▸ **To do**
Determine how many lines of the listing below hold the string "wooden", then state that number alone.

▸ **Dataset entries**

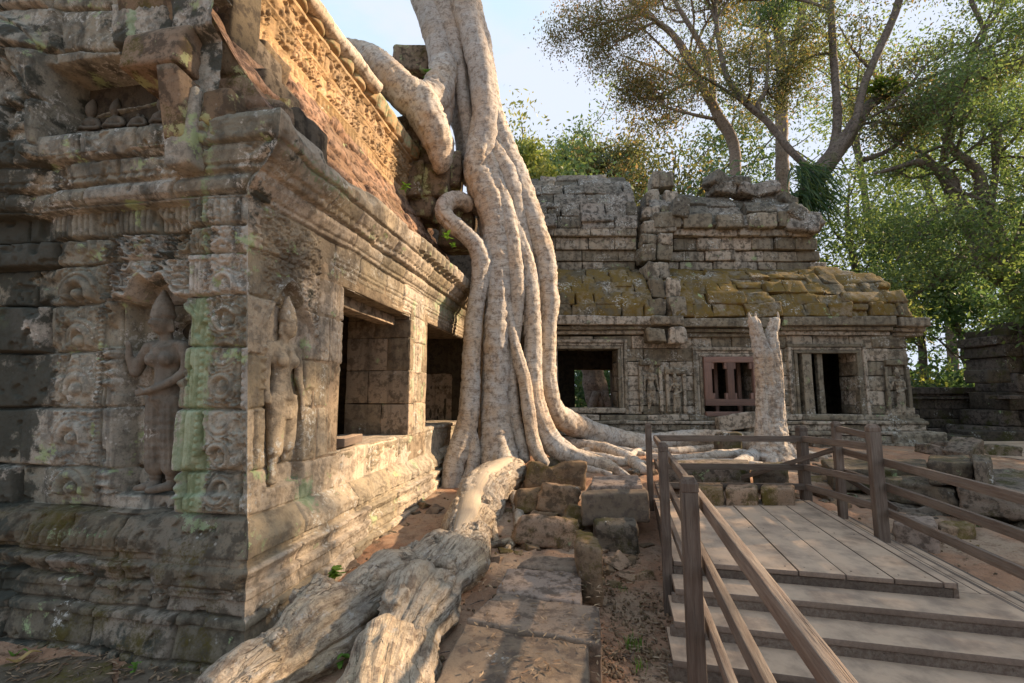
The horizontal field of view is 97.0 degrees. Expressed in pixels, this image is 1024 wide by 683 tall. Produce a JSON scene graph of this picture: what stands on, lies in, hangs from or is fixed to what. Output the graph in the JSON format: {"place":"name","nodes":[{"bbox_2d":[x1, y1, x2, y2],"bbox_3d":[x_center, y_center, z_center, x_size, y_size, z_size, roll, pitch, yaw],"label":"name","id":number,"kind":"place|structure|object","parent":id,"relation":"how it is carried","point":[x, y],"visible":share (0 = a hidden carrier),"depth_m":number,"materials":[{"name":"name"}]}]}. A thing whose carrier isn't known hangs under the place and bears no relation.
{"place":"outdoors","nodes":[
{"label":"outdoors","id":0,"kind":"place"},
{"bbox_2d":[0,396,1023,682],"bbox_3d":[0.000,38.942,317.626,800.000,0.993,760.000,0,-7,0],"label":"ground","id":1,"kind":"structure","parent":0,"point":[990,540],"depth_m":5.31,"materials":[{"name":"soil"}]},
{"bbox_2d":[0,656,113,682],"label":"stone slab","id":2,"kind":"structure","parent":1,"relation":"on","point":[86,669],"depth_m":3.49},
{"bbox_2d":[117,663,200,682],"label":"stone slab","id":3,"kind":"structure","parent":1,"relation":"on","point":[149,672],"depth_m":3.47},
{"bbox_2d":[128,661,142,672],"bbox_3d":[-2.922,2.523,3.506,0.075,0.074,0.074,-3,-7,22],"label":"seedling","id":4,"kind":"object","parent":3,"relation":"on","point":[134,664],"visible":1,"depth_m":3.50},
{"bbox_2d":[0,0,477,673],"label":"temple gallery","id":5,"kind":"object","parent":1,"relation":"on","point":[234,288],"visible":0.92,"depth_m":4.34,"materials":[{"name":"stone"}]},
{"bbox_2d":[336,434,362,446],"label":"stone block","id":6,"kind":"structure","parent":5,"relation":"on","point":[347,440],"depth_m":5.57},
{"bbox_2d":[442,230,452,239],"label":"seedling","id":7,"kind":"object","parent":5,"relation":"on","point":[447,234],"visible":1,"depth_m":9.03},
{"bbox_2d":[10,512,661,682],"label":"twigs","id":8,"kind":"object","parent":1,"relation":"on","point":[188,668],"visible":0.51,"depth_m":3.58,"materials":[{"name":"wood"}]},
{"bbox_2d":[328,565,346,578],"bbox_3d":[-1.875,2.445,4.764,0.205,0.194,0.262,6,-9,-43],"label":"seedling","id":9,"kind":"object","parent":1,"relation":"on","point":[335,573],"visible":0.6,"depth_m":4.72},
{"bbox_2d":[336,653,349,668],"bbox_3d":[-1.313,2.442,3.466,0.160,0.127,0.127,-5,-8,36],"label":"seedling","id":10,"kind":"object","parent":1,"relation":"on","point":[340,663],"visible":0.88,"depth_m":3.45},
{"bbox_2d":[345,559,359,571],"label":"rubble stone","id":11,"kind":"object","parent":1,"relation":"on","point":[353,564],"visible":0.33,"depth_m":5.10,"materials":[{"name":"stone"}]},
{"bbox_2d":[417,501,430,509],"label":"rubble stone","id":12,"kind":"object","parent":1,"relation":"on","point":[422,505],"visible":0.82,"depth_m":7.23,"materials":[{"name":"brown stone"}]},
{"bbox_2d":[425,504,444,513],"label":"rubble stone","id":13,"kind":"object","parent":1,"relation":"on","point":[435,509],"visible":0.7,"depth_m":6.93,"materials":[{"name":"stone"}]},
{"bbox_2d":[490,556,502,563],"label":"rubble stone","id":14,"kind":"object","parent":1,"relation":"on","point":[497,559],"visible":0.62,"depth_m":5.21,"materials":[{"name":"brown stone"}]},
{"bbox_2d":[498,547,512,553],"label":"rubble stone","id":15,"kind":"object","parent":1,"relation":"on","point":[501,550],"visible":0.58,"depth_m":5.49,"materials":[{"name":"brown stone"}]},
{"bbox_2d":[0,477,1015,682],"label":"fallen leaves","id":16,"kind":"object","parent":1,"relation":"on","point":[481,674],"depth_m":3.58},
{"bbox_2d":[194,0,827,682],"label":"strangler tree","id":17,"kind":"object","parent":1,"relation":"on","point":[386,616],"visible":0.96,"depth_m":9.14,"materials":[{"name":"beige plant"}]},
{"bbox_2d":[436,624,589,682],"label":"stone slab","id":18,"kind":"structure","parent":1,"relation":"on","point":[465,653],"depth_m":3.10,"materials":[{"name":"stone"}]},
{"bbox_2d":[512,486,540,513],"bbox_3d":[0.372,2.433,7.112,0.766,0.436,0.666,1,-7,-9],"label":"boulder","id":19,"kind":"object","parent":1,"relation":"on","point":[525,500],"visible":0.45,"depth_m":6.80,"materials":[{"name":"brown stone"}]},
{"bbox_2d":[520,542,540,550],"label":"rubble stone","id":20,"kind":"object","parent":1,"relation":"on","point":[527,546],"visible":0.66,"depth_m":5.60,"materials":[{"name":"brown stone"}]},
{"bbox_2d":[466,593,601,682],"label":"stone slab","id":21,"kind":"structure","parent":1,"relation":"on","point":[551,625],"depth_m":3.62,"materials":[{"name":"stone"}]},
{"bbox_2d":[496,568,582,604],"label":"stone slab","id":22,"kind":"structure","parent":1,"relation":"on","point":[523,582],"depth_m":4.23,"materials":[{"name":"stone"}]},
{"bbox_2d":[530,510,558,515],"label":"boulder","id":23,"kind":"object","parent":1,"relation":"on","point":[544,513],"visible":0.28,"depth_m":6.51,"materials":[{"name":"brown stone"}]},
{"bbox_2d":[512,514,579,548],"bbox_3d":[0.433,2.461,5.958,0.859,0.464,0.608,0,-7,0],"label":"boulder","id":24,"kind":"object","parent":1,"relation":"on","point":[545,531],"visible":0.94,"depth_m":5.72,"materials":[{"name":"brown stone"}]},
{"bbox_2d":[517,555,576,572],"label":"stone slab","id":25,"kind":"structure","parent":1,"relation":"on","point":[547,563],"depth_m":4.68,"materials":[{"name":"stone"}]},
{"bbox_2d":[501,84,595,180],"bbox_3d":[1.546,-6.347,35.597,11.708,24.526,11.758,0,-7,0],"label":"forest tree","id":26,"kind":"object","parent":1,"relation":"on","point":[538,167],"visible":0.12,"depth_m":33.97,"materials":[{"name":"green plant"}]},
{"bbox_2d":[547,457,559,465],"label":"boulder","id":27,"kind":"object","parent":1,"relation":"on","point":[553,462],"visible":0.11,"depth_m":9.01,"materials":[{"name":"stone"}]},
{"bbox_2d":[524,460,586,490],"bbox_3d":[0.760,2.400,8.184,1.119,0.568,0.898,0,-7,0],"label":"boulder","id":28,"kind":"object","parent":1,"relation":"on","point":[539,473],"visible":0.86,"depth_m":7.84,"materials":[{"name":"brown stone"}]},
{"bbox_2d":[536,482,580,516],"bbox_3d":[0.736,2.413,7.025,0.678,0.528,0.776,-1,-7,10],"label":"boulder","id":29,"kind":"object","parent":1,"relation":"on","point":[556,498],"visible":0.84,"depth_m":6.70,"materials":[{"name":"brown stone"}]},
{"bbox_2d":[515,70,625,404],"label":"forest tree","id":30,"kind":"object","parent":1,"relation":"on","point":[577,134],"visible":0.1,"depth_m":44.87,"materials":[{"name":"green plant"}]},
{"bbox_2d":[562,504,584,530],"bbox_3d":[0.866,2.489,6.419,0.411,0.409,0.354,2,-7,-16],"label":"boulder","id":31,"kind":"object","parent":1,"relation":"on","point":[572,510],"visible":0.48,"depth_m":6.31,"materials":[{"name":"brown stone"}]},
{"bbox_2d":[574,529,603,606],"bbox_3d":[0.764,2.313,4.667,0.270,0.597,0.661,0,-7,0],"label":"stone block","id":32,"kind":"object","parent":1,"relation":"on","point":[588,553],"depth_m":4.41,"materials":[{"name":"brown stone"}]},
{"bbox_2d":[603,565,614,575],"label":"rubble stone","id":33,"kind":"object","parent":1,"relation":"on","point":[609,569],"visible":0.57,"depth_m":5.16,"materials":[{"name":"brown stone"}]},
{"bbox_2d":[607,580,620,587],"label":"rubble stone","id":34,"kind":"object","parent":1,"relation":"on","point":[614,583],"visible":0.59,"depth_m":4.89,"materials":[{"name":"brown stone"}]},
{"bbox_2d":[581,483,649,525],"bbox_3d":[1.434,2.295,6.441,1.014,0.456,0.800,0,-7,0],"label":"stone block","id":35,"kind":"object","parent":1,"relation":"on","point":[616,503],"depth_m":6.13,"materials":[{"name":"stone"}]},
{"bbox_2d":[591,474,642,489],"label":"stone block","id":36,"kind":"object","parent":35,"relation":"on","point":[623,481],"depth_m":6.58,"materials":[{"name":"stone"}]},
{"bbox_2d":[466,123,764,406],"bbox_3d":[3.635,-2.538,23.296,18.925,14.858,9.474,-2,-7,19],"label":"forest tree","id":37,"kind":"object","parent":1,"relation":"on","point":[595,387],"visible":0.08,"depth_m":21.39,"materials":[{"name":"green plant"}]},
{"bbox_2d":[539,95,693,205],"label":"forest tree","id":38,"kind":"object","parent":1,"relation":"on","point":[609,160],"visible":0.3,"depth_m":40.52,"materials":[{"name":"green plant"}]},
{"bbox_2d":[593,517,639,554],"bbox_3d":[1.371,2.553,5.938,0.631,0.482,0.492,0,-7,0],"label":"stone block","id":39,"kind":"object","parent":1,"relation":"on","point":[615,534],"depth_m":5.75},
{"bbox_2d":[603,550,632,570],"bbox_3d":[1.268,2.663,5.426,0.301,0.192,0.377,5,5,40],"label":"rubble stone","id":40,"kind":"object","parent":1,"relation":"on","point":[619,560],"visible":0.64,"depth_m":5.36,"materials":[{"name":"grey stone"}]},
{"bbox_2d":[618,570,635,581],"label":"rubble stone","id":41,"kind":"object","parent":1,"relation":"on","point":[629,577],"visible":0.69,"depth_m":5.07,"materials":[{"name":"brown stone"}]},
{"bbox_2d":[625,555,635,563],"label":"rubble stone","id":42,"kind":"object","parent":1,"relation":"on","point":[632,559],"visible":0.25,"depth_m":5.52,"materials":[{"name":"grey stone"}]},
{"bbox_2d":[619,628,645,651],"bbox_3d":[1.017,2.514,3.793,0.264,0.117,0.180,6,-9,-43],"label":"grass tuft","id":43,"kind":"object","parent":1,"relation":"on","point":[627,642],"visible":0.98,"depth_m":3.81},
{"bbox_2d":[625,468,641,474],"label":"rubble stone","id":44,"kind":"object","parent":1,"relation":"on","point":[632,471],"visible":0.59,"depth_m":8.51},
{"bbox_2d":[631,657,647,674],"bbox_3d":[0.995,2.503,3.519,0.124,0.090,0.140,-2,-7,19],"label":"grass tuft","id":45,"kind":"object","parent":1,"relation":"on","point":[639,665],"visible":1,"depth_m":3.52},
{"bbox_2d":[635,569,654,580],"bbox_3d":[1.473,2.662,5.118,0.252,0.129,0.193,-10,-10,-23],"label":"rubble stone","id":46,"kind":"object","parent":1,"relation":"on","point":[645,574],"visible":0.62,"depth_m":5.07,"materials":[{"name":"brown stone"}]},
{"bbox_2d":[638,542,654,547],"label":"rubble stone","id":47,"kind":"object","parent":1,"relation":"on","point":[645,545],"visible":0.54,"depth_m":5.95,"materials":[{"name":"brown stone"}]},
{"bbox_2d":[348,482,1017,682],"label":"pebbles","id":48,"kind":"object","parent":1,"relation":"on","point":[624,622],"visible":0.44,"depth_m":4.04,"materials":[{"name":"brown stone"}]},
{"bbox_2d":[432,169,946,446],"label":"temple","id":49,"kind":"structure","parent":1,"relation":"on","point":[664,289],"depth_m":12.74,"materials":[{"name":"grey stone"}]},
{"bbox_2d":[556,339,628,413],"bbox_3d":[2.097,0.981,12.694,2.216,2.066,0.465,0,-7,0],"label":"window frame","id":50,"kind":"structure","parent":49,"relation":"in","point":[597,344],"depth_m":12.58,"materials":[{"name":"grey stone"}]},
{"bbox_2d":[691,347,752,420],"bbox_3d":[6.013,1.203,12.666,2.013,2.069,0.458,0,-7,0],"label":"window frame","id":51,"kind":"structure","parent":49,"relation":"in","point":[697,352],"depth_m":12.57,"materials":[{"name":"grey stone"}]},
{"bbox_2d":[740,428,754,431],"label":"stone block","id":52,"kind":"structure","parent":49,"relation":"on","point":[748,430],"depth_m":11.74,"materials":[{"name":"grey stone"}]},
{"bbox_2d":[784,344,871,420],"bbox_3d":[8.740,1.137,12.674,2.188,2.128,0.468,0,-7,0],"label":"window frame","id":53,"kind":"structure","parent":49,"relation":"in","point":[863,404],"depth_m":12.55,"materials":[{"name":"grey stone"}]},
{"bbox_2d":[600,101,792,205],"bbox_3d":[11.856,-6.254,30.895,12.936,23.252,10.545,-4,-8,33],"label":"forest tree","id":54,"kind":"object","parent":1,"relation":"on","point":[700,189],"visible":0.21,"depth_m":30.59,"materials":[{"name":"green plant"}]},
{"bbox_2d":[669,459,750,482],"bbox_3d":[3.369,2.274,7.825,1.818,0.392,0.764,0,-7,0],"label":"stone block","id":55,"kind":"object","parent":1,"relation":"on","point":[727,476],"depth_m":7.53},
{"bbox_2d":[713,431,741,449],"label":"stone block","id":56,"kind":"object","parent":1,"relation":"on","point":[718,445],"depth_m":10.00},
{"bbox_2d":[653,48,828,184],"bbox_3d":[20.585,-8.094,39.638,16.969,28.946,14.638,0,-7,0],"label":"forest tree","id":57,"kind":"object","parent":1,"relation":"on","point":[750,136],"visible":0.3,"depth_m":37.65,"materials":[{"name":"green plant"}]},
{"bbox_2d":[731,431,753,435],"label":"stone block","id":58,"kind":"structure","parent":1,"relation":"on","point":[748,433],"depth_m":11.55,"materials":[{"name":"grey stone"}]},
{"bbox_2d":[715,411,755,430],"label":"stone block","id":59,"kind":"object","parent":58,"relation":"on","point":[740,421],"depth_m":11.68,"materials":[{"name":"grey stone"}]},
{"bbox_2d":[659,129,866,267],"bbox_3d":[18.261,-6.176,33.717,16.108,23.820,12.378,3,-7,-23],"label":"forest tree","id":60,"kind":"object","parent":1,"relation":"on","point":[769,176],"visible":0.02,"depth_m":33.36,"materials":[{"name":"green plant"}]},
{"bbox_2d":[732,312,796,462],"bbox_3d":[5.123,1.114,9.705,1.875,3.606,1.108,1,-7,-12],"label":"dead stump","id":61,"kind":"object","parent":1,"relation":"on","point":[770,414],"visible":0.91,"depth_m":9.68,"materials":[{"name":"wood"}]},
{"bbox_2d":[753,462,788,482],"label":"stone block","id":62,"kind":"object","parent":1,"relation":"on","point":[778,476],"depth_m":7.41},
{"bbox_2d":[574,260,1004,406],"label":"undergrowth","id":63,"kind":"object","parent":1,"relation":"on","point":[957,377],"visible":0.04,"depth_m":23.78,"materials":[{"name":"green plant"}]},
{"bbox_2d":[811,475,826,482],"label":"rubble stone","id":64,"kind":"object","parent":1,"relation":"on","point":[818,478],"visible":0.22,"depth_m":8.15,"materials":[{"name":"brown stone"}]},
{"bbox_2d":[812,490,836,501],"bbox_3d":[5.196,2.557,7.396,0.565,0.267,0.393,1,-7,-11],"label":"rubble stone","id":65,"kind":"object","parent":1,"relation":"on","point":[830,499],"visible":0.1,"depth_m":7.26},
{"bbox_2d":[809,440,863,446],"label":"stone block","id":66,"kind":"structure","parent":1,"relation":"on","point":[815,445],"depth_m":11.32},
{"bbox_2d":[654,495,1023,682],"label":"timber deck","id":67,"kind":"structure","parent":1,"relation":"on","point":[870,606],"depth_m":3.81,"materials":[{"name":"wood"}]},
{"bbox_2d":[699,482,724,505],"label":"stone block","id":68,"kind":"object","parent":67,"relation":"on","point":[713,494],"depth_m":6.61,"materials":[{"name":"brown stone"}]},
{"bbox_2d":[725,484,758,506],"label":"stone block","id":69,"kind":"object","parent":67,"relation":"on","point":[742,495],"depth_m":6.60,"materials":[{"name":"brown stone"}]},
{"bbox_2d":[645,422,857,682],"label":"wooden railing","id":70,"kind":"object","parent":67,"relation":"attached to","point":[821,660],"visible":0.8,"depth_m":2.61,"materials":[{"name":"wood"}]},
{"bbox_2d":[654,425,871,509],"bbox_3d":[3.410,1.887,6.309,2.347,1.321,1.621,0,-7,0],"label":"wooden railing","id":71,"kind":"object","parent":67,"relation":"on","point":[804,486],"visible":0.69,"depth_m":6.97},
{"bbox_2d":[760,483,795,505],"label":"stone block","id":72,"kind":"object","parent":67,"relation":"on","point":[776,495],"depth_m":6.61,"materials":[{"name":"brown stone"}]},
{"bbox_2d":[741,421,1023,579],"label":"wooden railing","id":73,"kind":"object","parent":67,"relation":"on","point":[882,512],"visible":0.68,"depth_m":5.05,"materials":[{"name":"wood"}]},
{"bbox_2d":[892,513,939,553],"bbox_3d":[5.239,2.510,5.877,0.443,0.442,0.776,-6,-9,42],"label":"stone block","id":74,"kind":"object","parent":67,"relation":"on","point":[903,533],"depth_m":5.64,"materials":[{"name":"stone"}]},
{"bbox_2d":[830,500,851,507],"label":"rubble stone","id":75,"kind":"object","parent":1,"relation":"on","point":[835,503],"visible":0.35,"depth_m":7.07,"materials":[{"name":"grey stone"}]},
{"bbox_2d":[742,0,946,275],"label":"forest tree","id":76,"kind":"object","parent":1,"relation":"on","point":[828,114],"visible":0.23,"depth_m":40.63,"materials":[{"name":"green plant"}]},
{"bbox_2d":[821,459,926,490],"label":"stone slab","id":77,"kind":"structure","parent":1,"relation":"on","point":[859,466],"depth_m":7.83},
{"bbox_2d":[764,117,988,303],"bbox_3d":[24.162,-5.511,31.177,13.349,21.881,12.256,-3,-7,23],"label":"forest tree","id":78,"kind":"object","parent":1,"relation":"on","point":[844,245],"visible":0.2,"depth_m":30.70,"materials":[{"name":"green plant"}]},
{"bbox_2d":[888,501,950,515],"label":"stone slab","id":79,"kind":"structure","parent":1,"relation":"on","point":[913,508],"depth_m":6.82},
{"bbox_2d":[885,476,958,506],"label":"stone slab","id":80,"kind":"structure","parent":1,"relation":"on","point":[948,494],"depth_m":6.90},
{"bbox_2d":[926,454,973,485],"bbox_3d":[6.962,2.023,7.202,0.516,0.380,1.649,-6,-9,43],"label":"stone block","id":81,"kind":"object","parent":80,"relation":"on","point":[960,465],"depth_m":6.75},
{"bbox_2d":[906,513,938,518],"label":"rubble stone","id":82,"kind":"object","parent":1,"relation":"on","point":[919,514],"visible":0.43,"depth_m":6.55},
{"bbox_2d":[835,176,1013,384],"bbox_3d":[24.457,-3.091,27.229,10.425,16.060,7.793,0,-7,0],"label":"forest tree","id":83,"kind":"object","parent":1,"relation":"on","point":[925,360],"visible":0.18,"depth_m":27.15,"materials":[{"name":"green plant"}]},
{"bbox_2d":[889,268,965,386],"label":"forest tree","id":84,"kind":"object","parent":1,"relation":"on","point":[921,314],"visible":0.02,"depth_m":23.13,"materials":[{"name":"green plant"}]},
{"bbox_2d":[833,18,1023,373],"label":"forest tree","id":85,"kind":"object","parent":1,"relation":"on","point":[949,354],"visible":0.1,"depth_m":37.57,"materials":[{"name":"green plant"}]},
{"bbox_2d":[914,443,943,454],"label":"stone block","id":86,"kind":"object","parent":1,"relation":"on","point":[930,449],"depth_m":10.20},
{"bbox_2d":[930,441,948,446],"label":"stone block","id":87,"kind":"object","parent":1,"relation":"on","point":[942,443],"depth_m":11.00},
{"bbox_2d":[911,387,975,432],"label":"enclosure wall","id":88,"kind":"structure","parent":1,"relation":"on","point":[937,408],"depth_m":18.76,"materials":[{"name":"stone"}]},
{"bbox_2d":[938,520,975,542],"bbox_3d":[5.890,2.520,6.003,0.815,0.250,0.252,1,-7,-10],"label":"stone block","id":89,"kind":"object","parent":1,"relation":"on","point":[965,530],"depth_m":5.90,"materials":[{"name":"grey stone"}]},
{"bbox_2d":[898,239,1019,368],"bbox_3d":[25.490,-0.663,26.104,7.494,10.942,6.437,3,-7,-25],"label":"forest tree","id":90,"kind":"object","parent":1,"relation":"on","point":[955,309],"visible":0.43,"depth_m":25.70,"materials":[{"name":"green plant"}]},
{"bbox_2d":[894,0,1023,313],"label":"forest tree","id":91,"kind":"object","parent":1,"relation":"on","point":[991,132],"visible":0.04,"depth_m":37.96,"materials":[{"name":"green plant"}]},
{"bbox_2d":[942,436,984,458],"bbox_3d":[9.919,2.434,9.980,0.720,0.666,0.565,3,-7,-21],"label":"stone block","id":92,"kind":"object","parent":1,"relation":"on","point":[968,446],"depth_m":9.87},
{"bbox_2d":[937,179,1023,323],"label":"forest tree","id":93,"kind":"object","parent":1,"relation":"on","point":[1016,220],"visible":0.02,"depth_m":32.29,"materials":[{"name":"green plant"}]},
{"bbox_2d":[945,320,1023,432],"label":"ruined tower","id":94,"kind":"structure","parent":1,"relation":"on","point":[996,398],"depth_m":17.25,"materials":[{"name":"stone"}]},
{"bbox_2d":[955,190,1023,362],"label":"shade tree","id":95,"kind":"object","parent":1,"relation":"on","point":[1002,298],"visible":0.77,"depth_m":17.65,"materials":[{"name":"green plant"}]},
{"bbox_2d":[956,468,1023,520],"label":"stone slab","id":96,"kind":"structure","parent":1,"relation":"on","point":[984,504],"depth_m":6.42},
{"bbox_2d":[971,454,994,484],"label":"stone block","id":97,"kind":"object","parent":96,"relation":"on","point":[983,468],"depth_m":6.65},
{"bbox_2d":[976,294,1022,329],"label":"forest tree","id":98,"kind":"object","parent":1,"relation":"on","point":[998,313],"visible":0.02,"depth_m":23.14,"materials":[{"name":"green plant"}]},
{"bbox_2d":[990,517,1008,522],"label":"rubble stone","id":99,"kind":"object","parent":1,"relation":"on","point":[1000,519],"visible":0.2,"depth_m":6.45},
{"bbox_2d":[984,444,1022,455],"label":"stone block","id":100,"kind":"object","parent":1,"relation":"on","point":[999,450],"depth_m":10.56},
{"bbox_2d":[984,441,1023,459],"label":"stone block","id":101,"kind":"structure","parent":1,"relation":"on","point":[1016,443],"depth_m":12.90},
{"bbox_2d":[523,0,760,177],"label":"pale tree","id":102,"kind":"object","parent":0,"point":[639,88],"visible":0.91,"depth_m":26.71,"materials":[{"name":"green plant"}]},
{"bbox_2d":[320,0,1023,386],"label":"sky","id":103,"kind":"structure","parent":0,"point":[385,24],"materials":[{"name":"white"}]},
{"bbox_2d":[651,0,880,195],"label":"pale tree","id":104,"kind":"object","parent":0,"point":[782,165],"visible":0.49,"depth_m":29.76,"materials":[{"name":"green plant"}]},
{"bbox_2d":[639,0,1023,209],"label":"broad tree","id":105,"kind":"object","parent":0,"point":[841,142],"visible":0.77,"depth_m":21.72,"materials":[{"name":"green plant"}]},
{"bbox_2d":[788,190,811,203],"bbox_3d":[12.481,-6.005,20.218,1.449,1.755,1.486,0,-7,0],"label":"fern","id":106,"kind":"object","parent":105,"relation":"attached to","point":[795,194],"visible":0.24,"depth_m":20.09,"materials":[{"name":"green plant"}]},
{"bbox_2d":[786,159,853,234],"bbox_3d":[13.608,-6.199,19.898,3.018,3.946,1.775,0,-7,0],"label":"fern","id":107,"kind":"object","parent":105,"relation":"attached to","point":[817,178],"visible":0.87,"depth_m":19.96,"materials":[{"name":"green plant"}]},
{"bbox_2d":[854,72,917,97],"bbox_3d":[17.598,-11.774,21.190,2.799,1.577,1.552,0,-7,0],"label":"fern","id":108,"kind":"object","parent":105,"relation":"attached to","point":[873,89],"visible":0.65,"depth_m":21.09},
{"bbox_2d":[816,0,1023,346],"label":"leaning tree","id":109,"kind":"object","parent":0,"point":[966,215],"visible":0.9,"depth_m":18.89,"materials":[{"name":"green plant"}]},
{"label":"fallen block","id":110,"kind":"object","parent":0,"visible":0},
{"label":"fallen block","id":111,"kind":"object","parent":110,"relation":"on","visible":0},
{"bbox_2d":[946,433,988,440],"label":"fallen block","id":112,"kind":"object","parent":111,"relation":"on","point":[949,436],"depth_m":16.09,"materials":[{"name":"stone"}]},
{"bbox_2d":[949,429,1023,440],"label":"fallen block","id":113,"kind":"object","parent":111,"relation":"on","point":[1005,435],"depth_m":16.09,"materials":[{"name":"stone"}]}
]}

▸ **Written solution**
3